Moreover, art. 7 conferred to the victims the right to choose both law, the lex loci laesionis and the lex loci actus. This would have increased the standards in the place of firms’ locations in the case of environmental torts. The Parliament cancelled this norm and replaced it with the default rule (choice made by parties). This solution was, in my view, terribly wrong. Economically speaking, there is something different between entitling victims with a freedom of choice (Commission’s art. 7) and giving them the right to contract the law applicable (Parliament’s draft). In this case, since in the absence of the parties’ choice the default rule (lex loci laesionis) would govern, the tortfeasor has no incentives to negotiate the applicable law because he would pay damages according to the lex loci laesionis.
Stating it in Calabresi/Melamed’s terms, under the Commission’s proposal victims had a property right as to the choice of law, while in the Parliament’s draft this entitlement disappeared. Could we see therefore in the Parliament an action of the lobbies of industrial firms?

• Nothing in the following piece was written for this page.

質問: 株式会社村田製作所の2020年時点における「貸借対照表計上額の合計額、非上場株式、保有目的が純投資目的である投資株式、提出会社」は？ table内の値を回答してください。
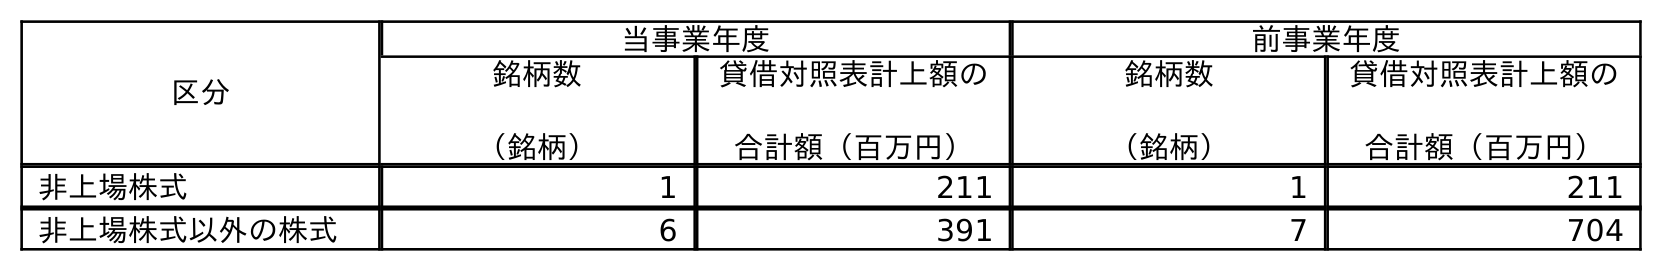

Anyway, the preservation of the original place-of-injury rule and of the specific rule on environmental torts really represent an extraordinary measure to increase the environmental protection in the European context.
PHD, Bocconi University
LLM, Yale Law School
In response to Matteo Winkler’s comment posted on 17 May 2007 I wished to make the following clarifications:
First, the European Parliament’s first reading deleted Article 7 of the Commission’s proposal because it was considered that the general rule, which is sufficiently flexible, could cater perfectly well for environmental damage. Parliament was concerned that the introduction of a special rule, although arguably of symbolic or political value, was in fact liable to prejudice legal certainty. In the final phases of the legislative process, the Parliament introduced and refined a definition of “environmental damage” which proved satisfactory to all institutions.
Second, it must be strongly emphasised that neither lobbies nor any industrial firms had any hand in Parliament’s position on this issue. Indeed, all drafting was carried out by the Rapporteur, assisted by the institution’s Secretariat. It is worth noting that I was not even approached by any interest groups on this issue. The only feedback received was from a seminar organised by the Parliament at which academics, including from the US and Switzerland, presented their views on the issue.
Finally, the conferral of property rights should in no way be the concern of private international law. We should be concerned with choosing the best possible solution for civil justice. The Parliament has been guided by this ambition throughout the legislative process.